+++ EXERCISE DATA

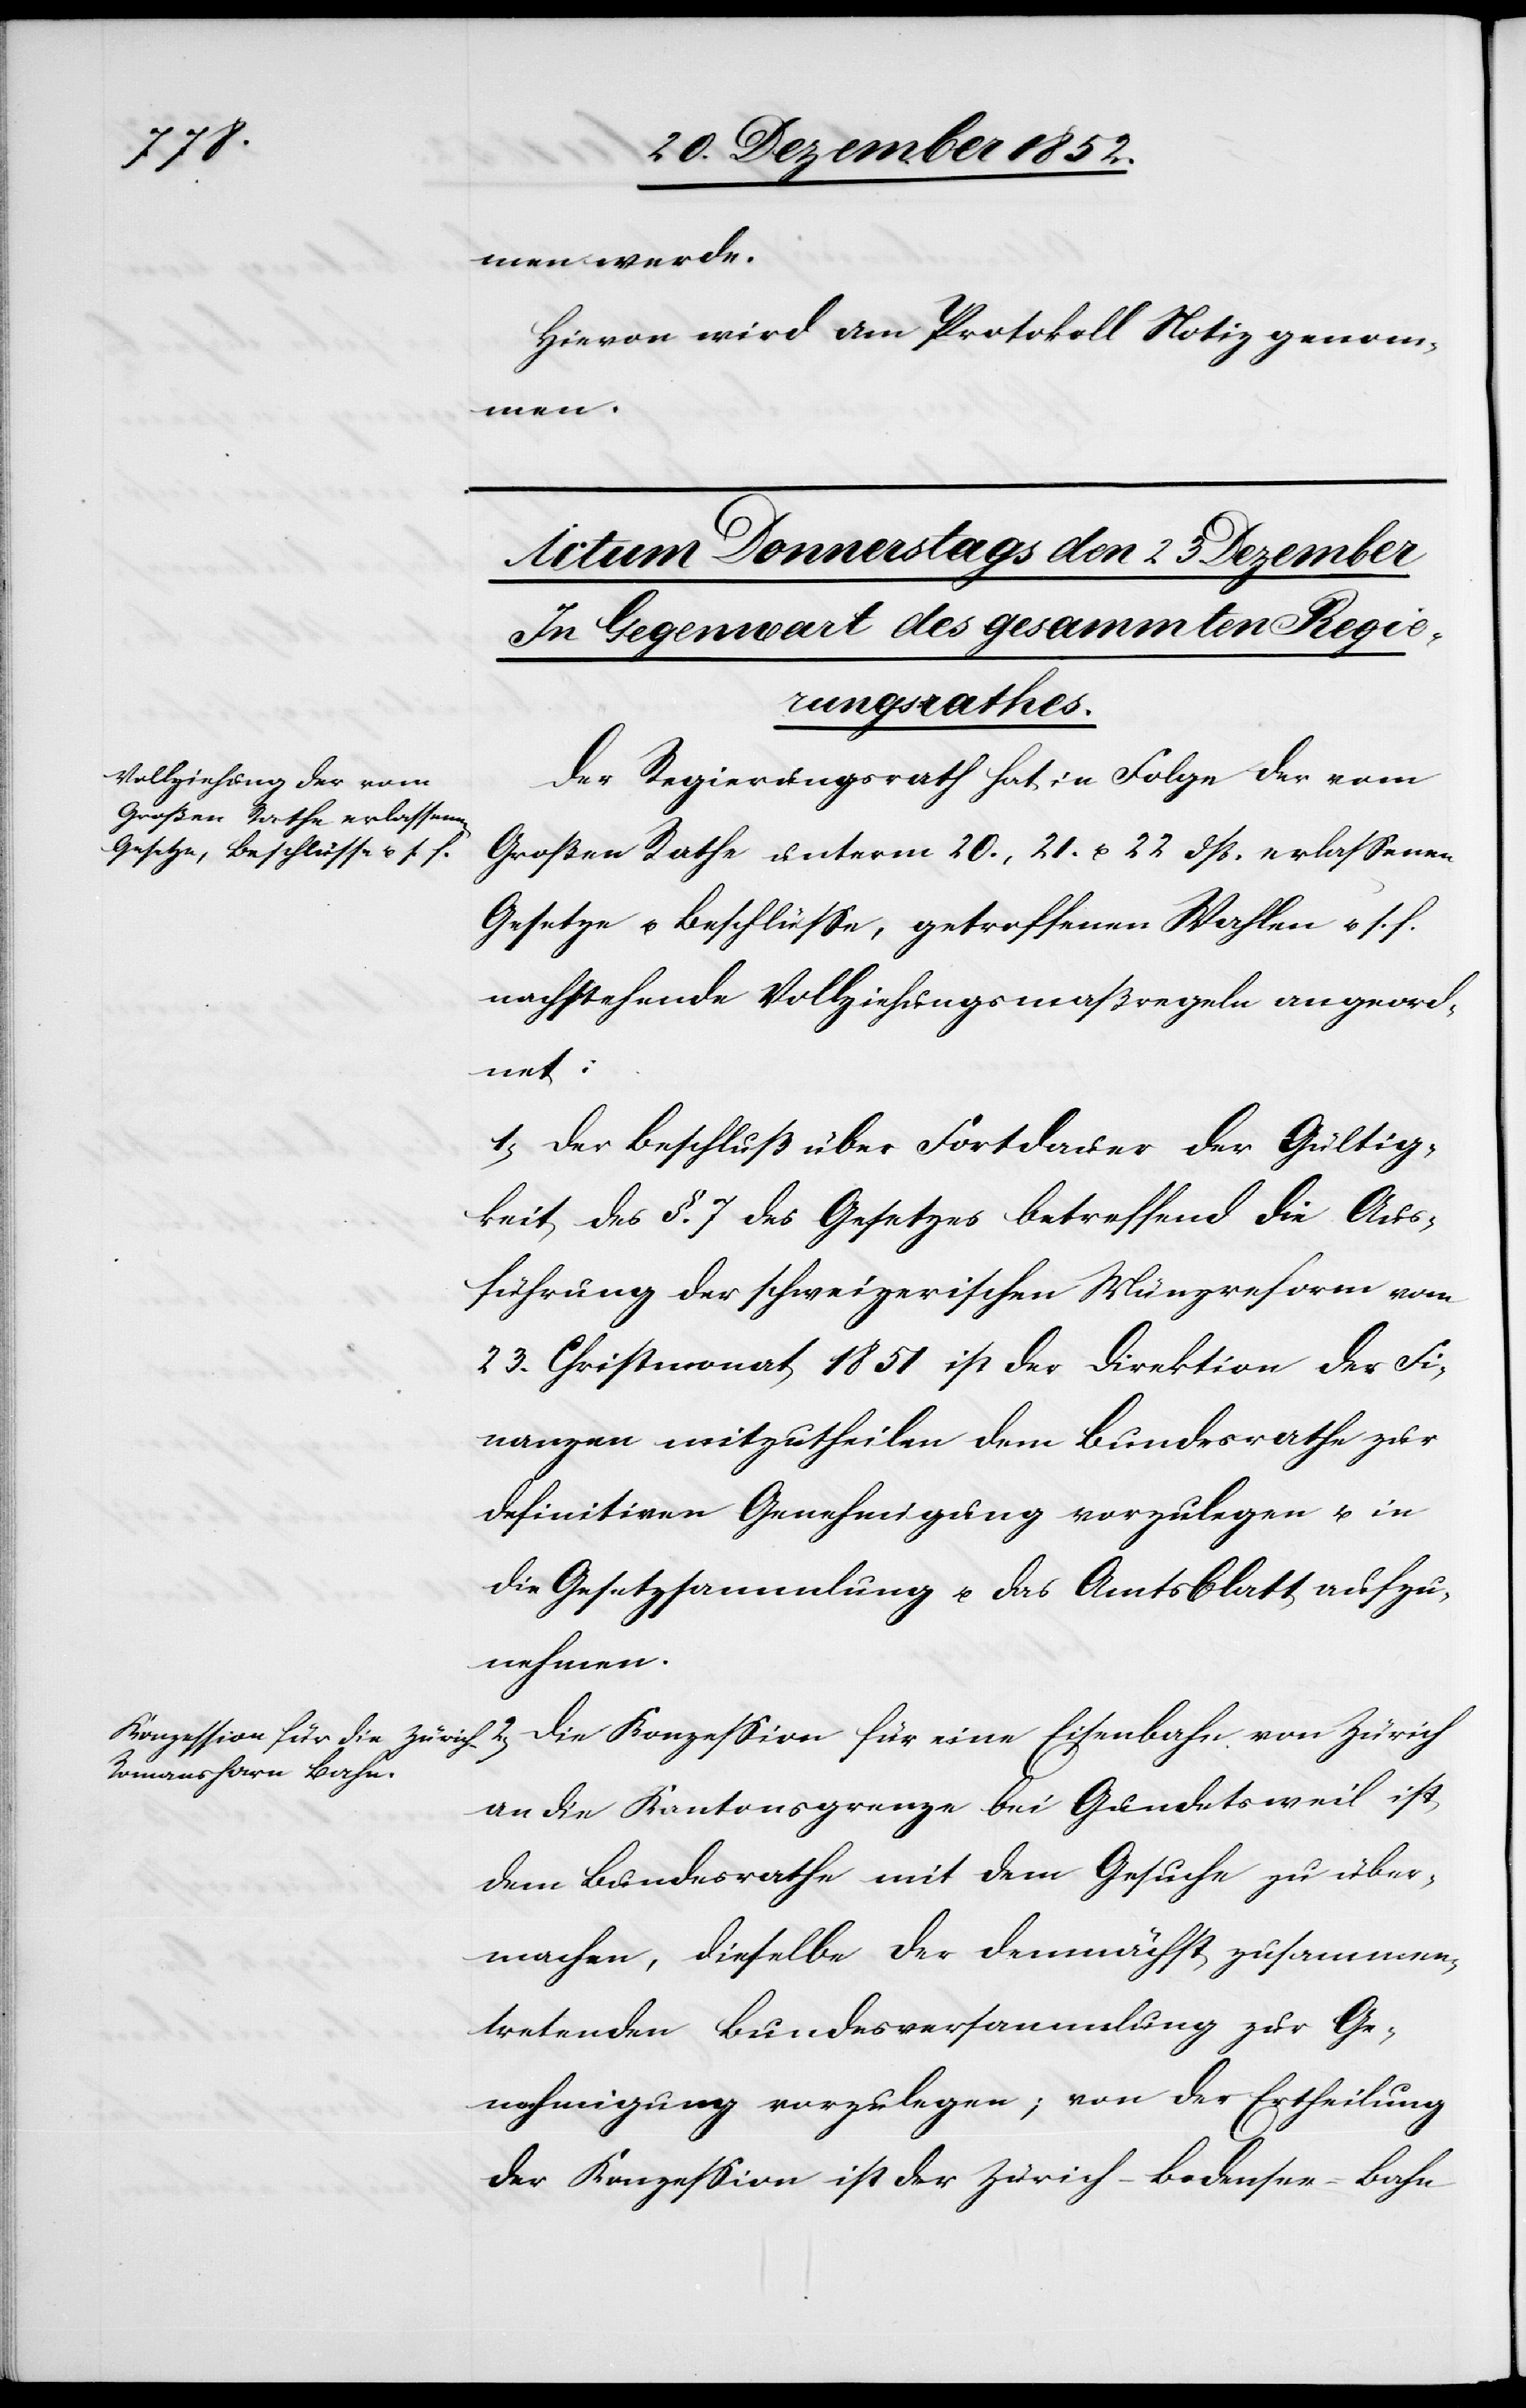
men werde.
Hievon wird am Protokoll Notiz genom¬
men.
Der Regierungsrath hat in Folge der vom
Großen Rathe unterm 20., 21. u. 22 dß. erlassenen
Gesetze u. Beschlüsse, getroffenen Wahlen u. s. f.
nachstehende Vollziehungsmaßregeln angeord¬
net:
1, Der Beschluß über Fortdauer der Gültig¬
keit des §. 7 des Gesetzes betreffend die Aus¬
führung der schweizerischen Münzreform vom
23. Christmonat 1851 ist der Direktion der Fi¬
nanzen mitzutheilen[,] dem Bundesrathe zur
definitiven Genehmigung vorzulegen u. in
die Gesetzsammlung u. das Amtsblatt aufzu¬
nehmen.
2, Die Konzession für eine Eisenbahn von Zürich
an die Kantonsgrenze bei Gundetsweil ist
dem Bundesrathe mit dem Gesuche zu über¬
machen, dieselbe der demnächst zusammen¬
tretenden Bundesversammlung zur Ge¬
nehmigung vorzulegen; von der Ertheilung
der Konzession ist der Zürich-Bodensee-Bahn

++++++

▶ **GOAL OF THE EXERCISE**: Restate all of the material word for word. Keep out every picture.

▶ **ANSWER SPACE**:
men werde.
Hievon wird am Protokoll Notiz genom¬
men.
Der Regierungsrath hat in Folge der vom
Großen Rathe unterm 20., 21. u. 22 dß. erlassenen
Gesetze u. Beschlüsse, getroffenen Wahlen u. s. f.
nachstehende Vollziehungsmaßregeln angeord¬
net:
1, Der Beschluß über Fortdauer der Gültig¬
keit des §. 7 des Gesetzes betreffend die Aus¬
führung der schweizerischen Münzreform vom
23. Christmonat 1851 ist der Direktion der Fi¬
nanzen mitzutheilen[,] dem Bundesrathe zur
definitiven Genehmigung vorzulegen u. in
die Gesetzsammlung u. das Amtsblatt aufzu¬
nehmen.
2, Die Konzession für eine Eisenbahn von Zürich
an die Kantonsgrenze bei Gundetsweil ist
dem Bundesrathe mit dem Gesuche zu über¬
machen, dieselbe der demnächst zusammen¬
tretenden Bundesversammlung zur Ge¬
nehmigung vorzulegen; von der Ertheilung
der Konzession ist der Zürich-Bodensee-Bahn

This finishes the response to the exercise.